WORK INSTRUCTION: Reproduce the following data exactly, minus any images.

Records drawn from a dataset
------------------------

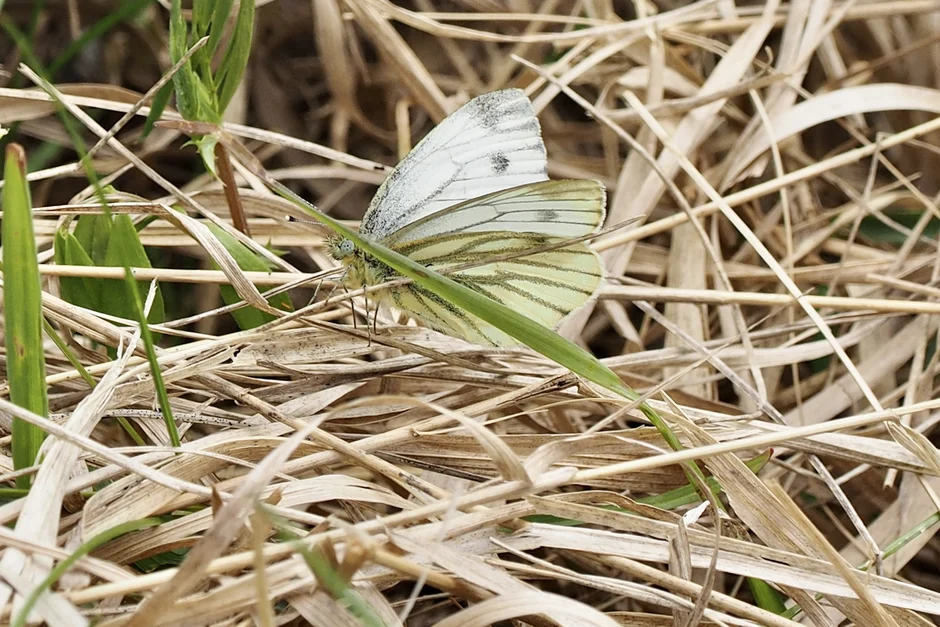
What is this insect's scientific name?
Pieris napi
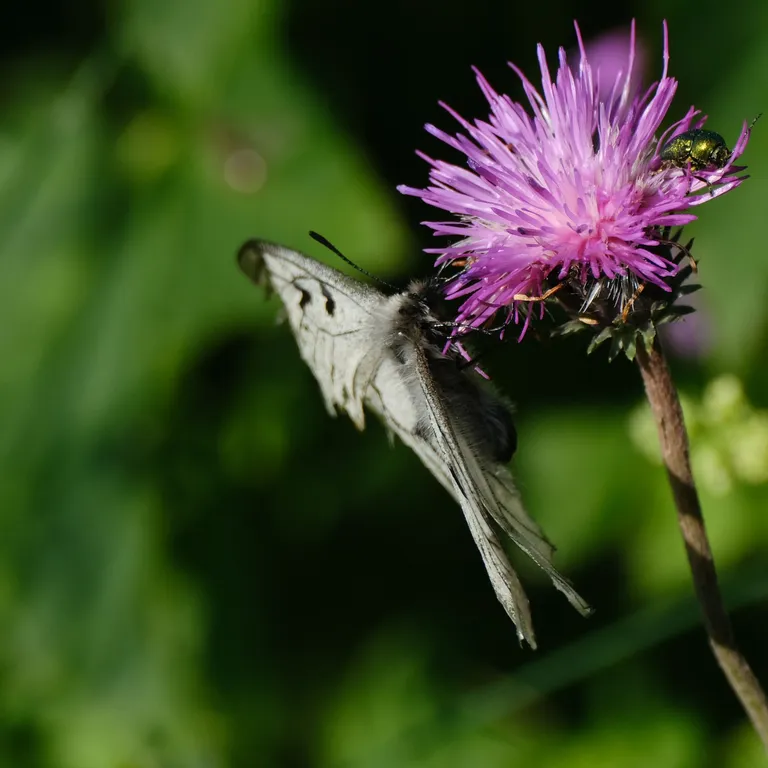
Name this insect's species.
Parnassius mnemosyne
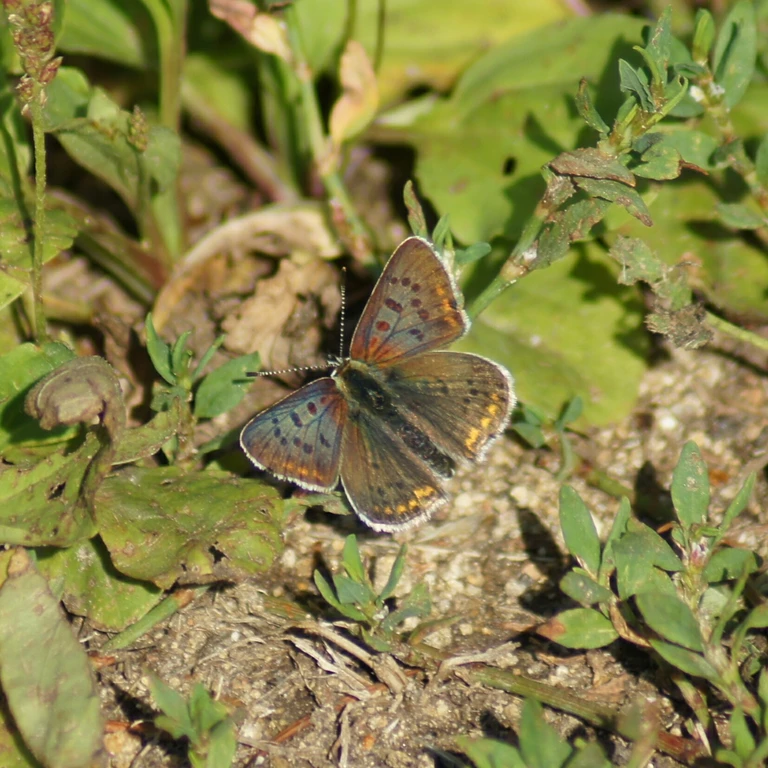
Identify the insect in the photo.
Lycaena tityrus (also Loweia tityrus)
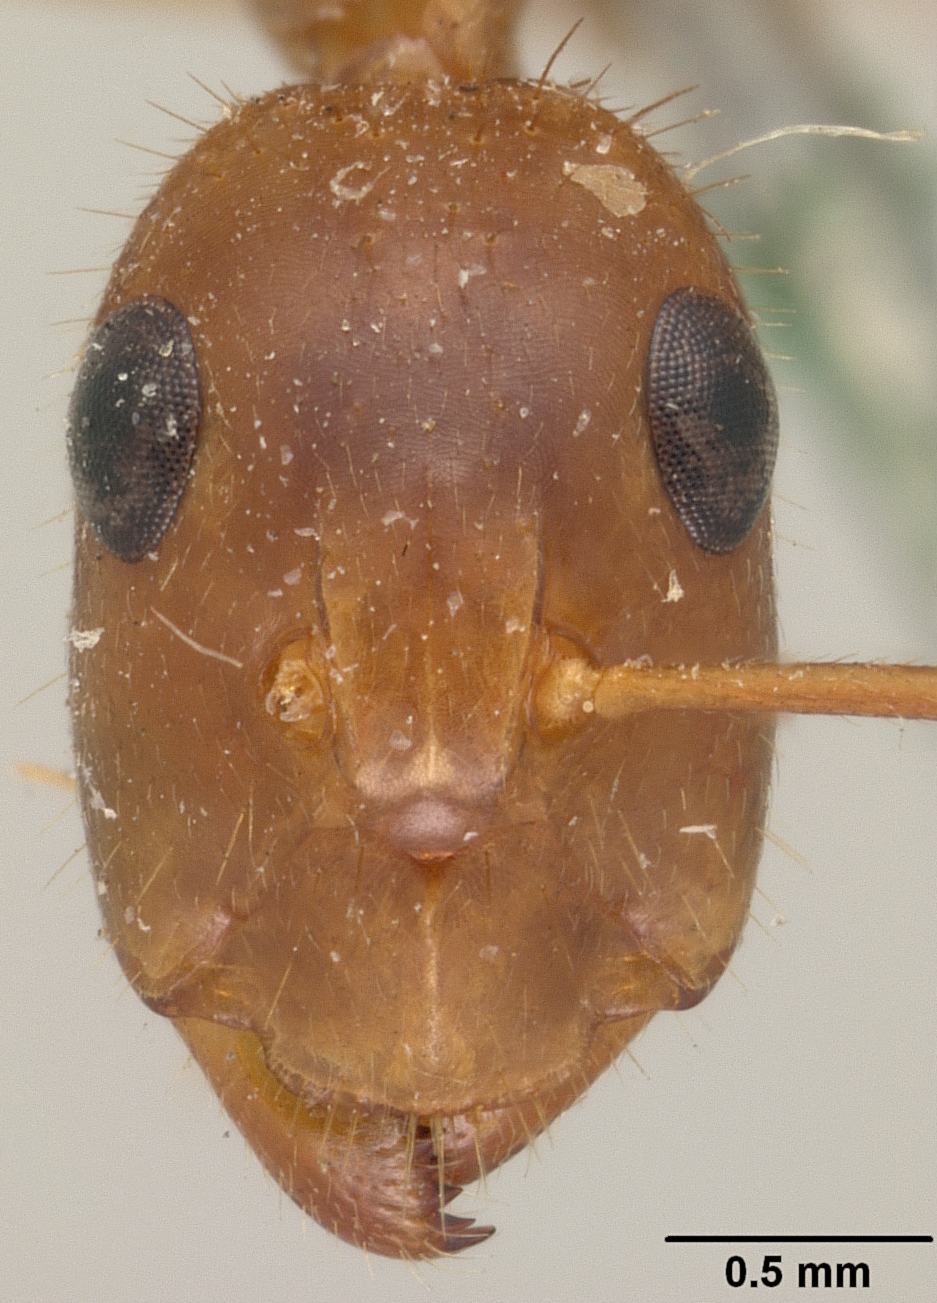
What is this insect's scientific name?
Camponotus maculatus
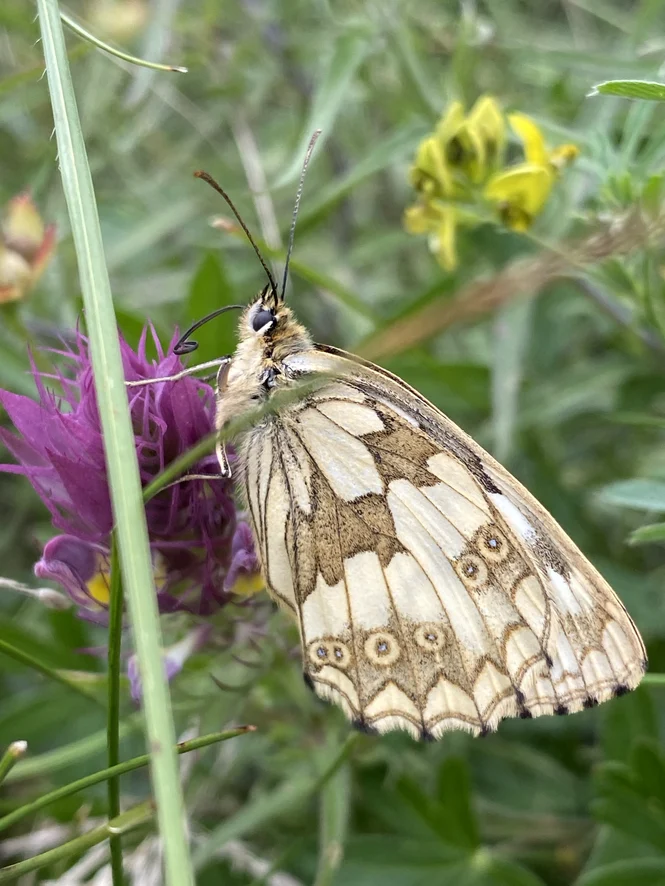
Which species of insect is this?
Melanargia galathea
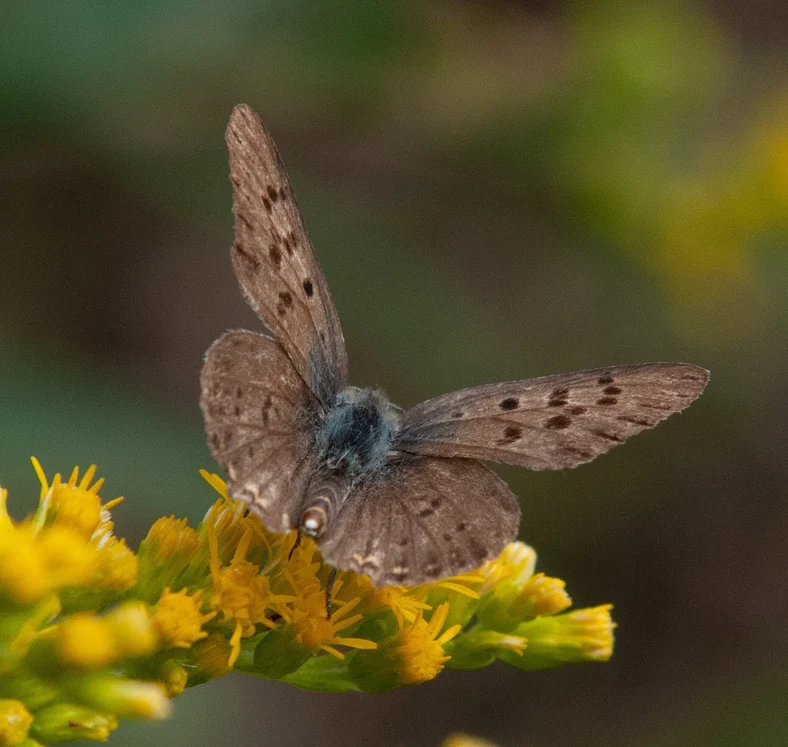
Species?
Lycaena tityrus (also Loweia tityrus)

------------------------

SOLUTION TO THE PROBLEM:
What is this insect's scientific name?
Pieris napi
Name this insect's species.
Parnassius mnemosyne
Identify the insect in the photo.
Lycaena tityrus (also Loweia tityrus)
What is this insect's scientific name?
Camponotus maculatus
Which species of insect is this?
Melanargia galathea
Species?
Lycaena tityrus (also Loweia tityrus)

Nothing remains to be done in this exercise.